Data excerpts:

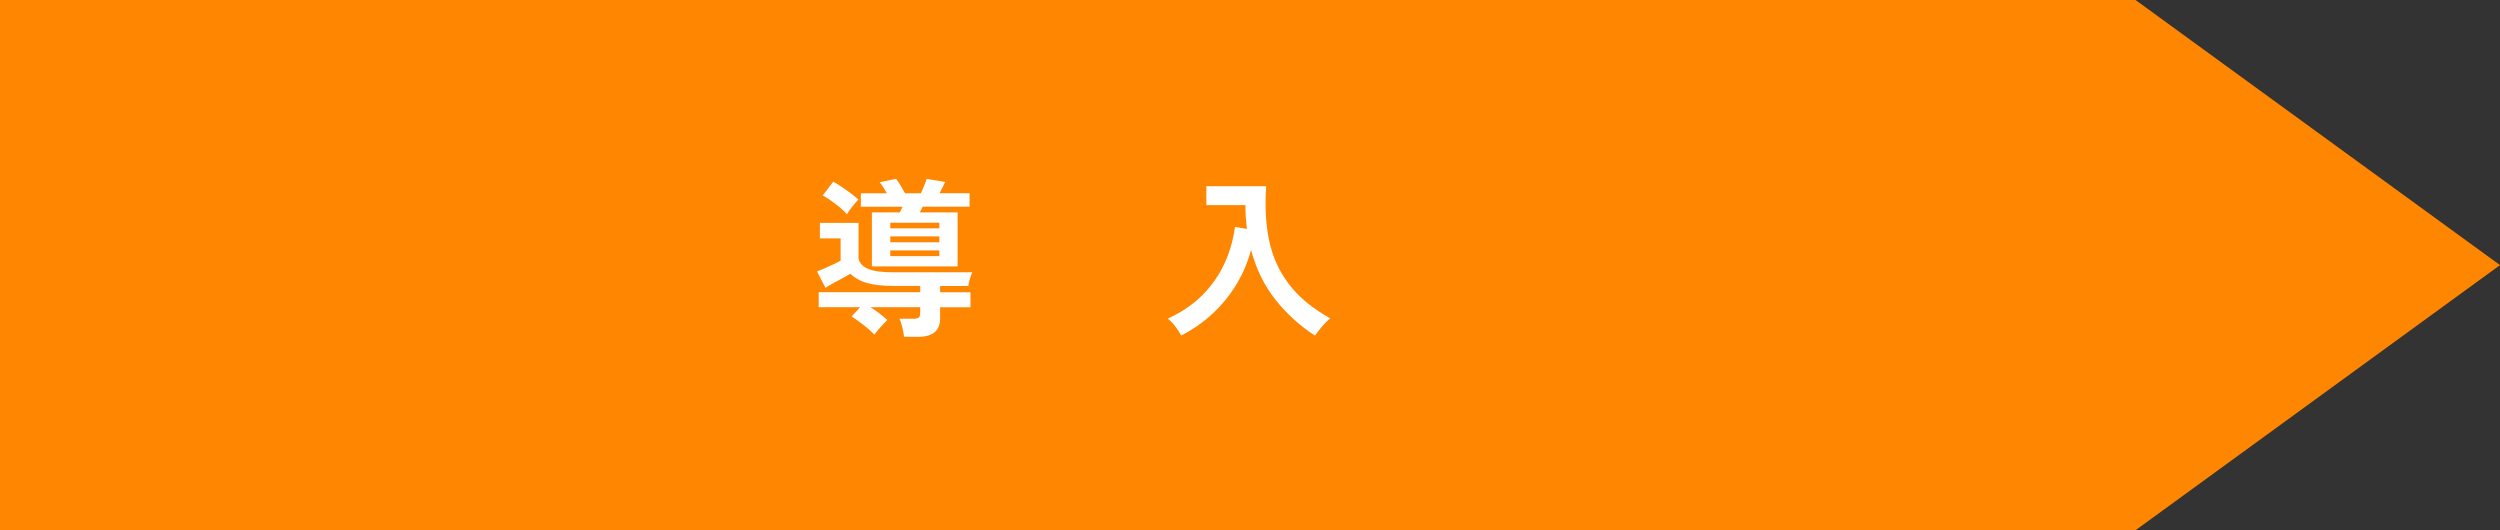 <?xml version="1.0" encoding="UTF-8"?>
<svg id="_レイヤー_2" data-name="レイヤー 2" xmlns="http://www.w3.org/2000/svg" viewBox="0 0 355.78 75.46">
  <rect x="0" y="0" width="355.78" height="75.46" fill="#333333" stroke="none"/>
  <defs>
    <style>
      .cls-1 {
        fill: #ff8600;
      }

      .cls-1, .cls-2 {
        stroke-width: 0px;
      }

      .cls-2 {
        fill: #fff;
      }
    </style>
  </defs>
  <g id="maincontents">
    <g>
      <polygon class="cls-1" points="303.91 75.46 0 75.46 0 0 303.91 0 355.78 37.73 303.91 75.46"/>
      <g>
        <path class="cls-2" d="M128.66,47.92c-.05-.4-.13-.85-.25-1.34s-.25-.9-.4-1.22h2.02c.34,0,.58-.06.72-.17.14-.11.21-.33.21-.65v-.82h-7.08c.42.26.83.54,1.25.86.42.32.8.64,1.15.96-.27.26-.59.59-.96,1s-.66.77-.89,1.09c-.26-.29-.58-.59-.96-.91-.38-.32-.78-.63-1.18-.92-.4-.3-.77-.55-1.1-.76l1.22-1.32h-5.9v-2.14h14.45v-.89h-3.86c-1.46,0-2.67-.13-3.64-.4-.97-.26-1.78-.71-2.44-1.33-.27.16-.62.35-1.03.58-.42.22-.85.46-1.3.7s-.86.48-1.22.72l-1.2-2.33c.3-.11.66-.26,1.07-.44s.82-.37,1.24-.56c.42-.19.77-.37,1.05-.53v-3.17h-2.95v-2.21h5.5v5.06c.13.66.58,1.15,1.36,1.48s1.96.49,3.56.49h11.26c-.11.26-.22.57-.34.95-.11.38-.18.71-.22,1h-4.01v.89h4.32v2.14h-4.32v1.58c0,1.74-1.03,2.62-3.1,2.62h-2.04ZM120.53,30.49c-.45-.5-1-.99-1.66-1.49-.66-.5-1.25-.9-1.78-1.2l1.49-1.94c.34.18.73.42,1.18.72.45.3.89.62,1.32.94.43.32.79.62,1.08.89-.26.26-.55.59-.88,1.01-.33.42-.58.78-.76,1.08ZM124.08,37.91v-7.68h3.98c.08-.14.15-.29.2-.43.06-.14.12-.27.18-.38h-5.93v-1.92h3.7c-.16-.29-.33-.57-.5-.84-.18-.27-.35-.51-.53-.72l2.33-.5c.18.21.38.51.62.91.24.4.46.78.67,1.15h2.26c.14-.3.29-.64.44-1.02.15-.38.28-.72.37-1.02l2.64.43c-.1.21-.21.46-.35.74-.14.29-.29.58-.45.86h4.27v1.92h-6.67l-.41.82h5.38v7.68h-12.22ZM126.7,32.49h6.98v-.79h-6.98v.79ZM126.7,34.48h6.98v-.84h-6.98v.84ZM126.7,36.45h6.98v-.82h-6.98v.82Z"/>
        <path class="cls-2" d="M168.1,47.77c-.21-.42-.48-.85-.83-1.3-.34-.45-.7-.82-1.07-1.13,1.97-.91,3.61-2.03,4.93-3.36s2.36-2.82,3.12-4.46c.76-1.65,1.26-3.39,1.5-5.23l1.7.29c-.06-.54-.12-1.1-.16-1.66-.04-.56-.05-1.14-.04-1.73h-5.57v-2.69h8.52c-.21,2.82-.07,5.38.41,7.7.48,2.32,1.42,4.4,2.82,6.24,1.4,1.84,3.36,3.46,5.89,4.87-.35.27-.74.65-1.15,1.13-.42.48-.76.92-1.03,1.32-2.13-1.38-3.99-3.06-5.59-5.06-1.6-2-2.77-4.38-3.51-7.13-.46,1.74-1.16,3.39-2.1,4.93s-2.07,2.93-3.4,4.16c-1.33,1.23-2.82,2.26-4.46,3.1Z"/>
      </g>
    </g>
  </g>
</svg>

• **EXERCISE**:
When pictures appear among the entries, skip them and copy all remaining text precisely.

• **EXPECTED ANSWER**:
 <?xml version="1.0" encoding="UTF-8"?>
<svg id="_レイヤー_2" data-name="レイヤー 2" xmlns="http://www.w3.org/2000/svg" viewBox="0 0 355.78 75.46">
  <rect x="0" y="0" width="355.78" height="75.46" fill="#333333" stroke="none"/>
  <defs>
    <style>
      .cls-1 {
        fill: #ff8600;
      }

      .cls-1, .cls-2 {
        stroke-width: 0px;
      }

      .cls-2 {
        fill: #fff;
      }
    </style>
  </defs>
  <g id="maincontents">
    <g>
      <polygon class="cls-1" points="303.91 75.46 0 75.46 0 0 303.91 0 355.78 37.73 303.91 75.46"/>
      <g>
        <path class="cls-2" d="M128.66,47.92c-.05-.4-.13-.85-.25-1.34s-.25-.9-.4-1.22h2.02c.34,0,.58-.06.72-.17.14-.11.21-.33.21-.65v-.82h-7.08c.42.26.83.54,1.25.86.42.32.8.64,1.15.96-.27.26-.59.59-.96,1s-.66.77-.89,1.09c-.26-.29-.58-.59-.96-.91-.38-.32-.78-.63-1.18-.92-.4-.3-.77-.55-1.1-.76l1.22-1.32h-5.9v-2.14h14.45v-.89h-3.86c-1.46,0-2.67-.13-3.64-.4-.97-.26-1.78-.71-2.44-1.33-.27.16-.62.35-1.03.58-.42.22-.85.46-1.3.7s-.86.48-1.22.72l-1.2-2.33c.3-.11.66-.26,1.07-.44s.82-.37,1.24-.56c.42-.19.77-.37,1.05-.53v-3.17h-2.95v-2.21h5.5v5.06c.13.66.58,1.15,1.36,1.48s1.96.49,3.56.49h11.26c-.11.26-.22.57-.34.95-.11.38-.18.71-.22,1h-4.01v.89h4.32v2.14h-4.32v1.58c0,1.74-1.03,2.62-3.1,2.62h-2.04ZM120.53,30.49c-.45-.5-1-.99-1.66-1.49-.66-.5-1.25-.9-1.78-1.2l1.49-1.94c.34.18.73.42,1.18.72.45.3.89.62,1.32.94.43.32.79.62,1.08.89-.26.26-.55.59-.88,1.01-.33.42-.58.78-.76,1.08ZM124.08,37.91v-7.68h3.98c.08-.14.15-.29.2-.43.06-.14.12-.27.18-.38h-5.93v-1.92h3.7c-.16-.29-.33-.57-.5-.84-.18-.27-.35-.51-.53-.72l2.33-.5c.18.21.38.51.62.91.24.4.46.78.67,1.15h2.26c.14-.3.29-.64.44-1.02.15-.38.28-.72.37-1.02l2.64.43c-.1.21-.21.46-.35.74-.14.29-.29.58-.45.86h4.27v1.92h-6.67l-.41.82h5.38v7.68h-12.22ZM126.7,32.49h6.98v-.79h-6.98v.79ZM126.7,34.48h6.98v-.84h-6.98v.84ZM126.7,36.45h6.98v-.82h-6.98v.82Z"/>
        <path class="cls-2" d="M168.1,47.77c-.21-.42-.48-.85-.83-1.3-.34-.45-.7-.82-1.07-1.13,1.97-.91,3.61-2.03,4.93-3.36s2.36-2.82,3.12-4.46c.76-1.65,1.26-3.39,1.5-5.23l1.7.29c-.06-.54-.12-1.1-.16-1.66-.04-.56-.05-1.14-.04-1.73h-5.57v-2.69h8.52c-.21,2.82-.07,5.38.41,7.7.48,2.32,1.42,4.4,2.82,6.24,1.4,1.84,3.36,3.46,5.89,4.87-.35.27-.74.65-1.15,1.13-.42.48-.76.92-1.03,1.32-2.13-1.38-3.99-3.06-5.59-5.06-1.6-2-2.77-4.38-3.51-7.13-.46,1.74-1.16,3.39-2.1,4.93s-2.07,2.93-3.4,4.16c-1.33,1.23-2.82,2.26-4.46,3.1Z"/>
      </g>
    </g>
  </g>
</svg>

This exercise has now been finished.